Required work
Each line below that carries the string "task" must appear in the answer.
** Material supplied follows **
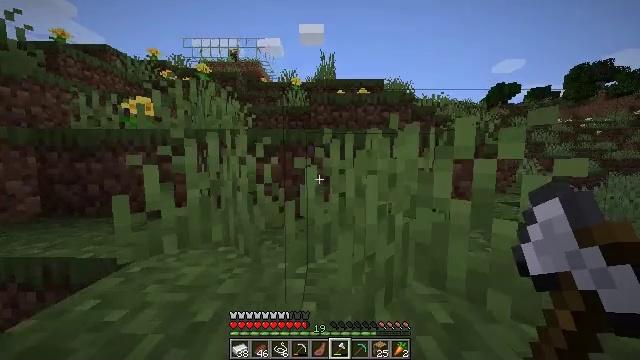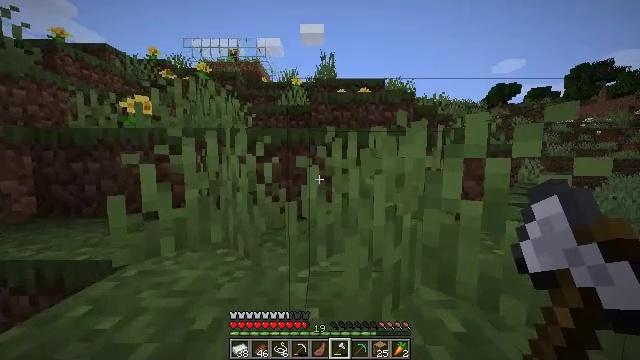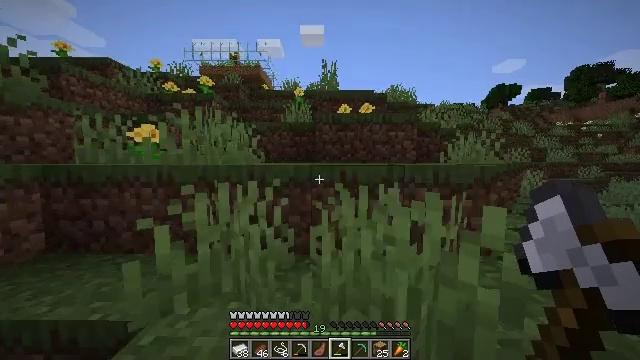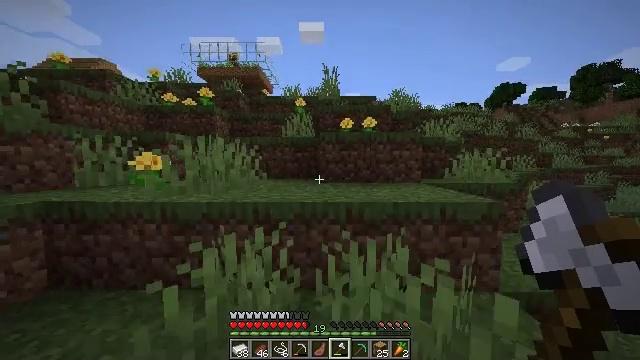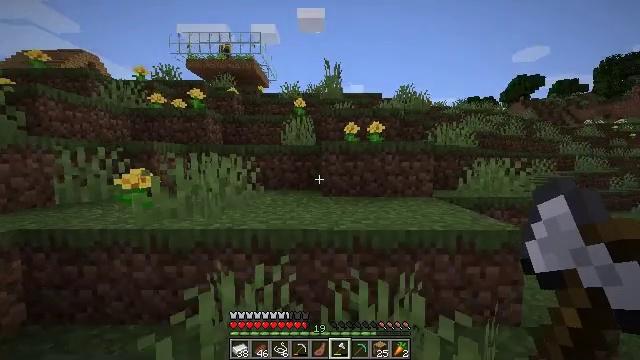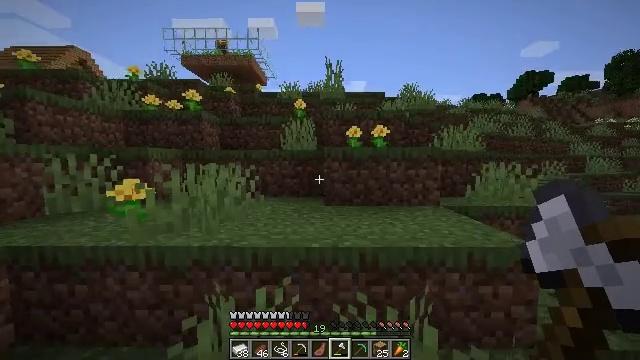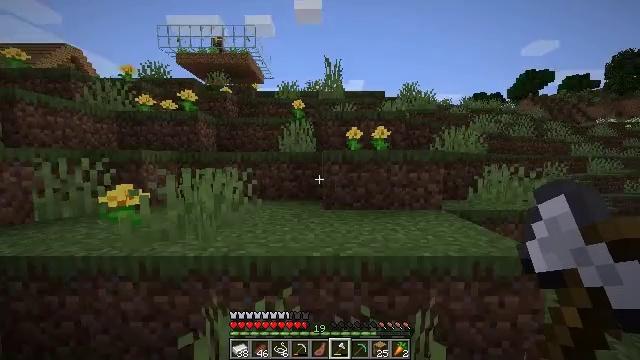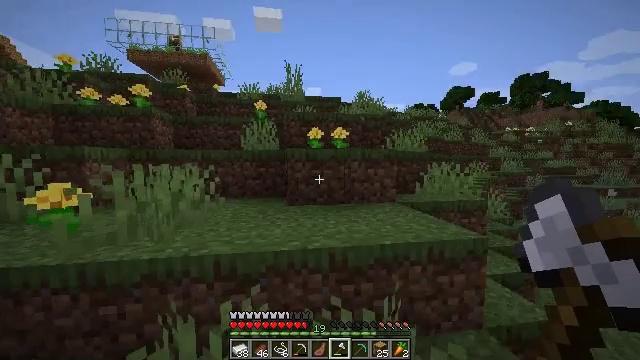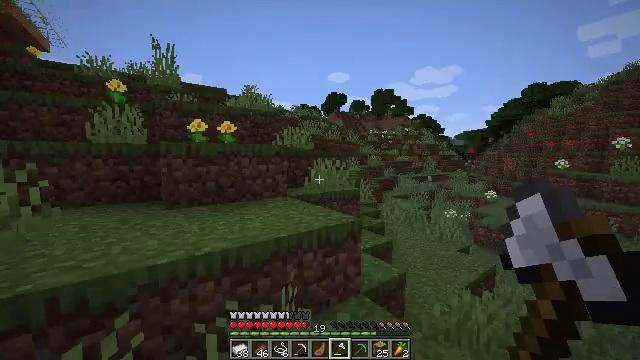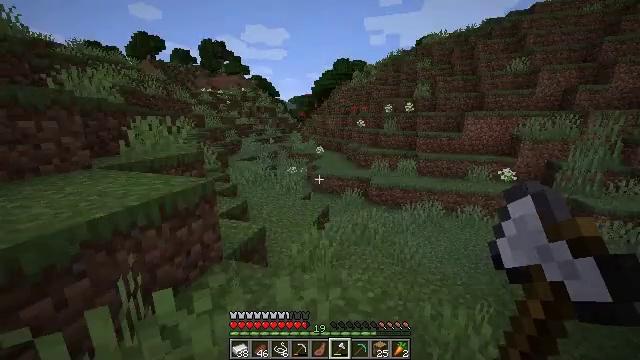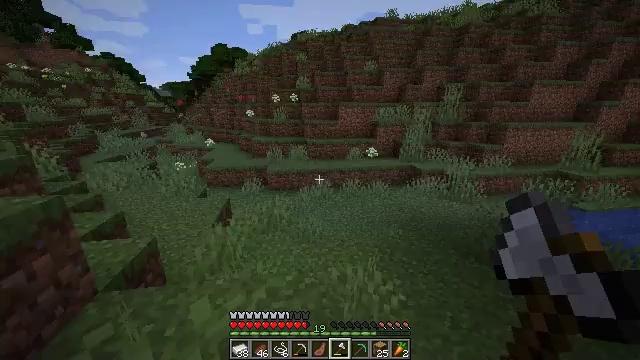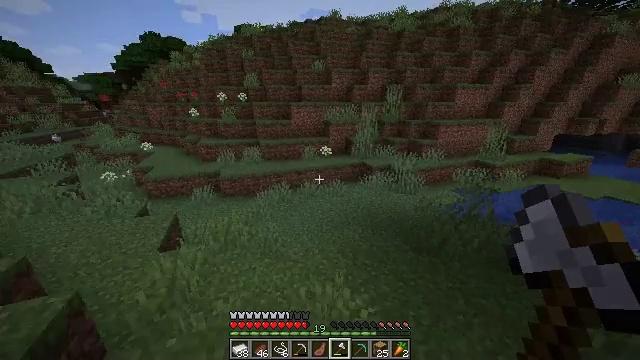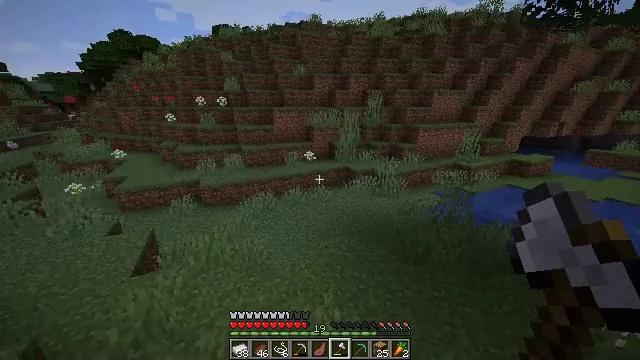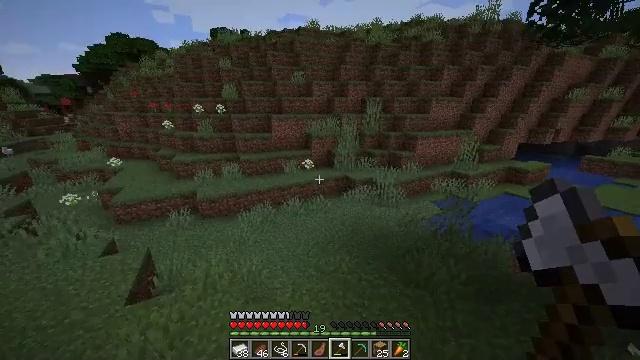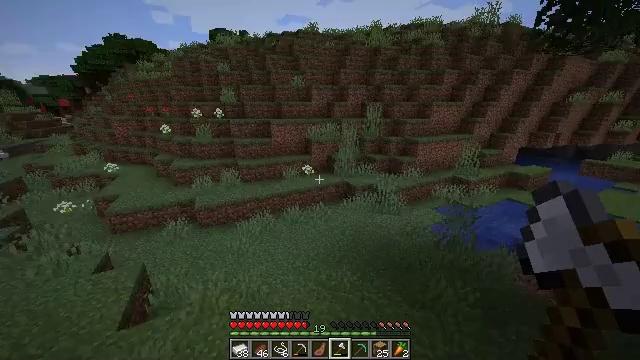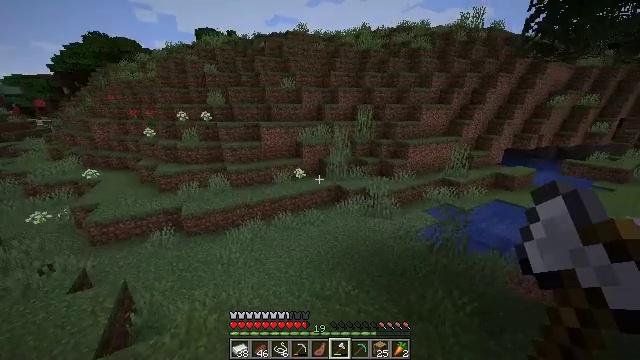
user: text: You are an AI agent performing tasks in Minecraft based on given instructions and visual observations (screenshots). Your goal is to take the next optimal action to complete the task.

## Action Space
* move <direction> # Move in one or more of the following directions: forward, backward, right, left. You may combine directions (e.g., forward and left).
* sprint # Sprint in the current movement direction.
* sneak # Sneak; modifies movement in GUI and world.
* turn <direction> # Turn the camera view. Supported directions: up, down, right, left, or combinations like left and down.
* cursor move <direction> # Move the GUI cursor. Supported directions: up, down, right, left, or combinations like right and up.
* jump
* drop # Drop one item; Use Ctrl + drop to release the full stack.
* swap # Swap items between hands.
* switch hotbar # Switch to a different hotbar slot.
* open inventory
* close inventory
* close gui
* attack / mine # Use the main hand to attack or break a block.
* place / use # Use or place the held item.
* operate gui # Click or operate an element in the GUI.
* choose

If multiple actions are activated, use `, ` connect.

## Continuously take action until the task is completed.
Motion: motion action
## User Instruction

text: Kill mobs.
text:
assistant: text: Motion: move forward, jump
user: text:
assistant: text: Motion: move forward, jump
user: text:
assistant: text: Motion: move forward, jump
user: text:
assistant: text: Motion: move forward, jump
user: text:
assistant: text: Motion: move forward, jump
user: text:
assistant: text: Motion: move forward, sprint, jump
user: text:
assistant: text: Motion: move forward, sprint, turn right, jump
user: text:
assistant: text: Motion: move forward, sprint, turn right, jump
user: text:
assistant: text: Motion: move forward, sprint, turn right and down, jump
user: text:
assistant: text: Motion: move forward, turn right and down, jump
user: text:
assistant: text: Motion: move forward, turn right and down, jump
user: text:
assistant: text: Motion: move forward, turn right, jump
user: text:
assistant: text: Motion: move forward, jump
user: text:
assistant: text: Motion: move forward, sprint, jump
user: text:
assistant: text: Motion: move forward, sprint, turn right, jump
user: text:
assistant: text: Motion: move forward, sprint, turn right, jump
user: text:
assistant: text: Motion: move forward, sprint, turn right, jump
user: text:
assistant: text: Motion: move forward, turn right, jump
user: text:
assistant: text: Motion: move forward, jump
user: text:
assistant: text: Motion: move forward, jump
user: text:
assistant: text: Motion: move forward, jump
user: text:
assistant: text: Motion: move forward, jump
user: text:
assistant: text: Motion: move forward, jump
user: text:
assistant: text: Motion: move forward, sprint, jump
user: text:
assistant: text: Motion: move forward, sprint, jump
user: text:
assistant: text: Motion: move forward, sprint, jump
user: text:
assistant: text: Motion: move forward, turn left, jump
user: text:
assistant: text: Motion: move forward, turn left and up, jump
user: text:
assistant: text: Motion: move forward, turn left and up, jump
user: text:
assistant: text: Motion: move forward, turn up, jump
** End of Material supplied **
Your solution
user: text: You are an AI agent performing tasks in Minecraft based on given instructions and visual observations (screenshots). Your goal is to take the next optimal action to complete the task.
## Continuously take action until the task is completed.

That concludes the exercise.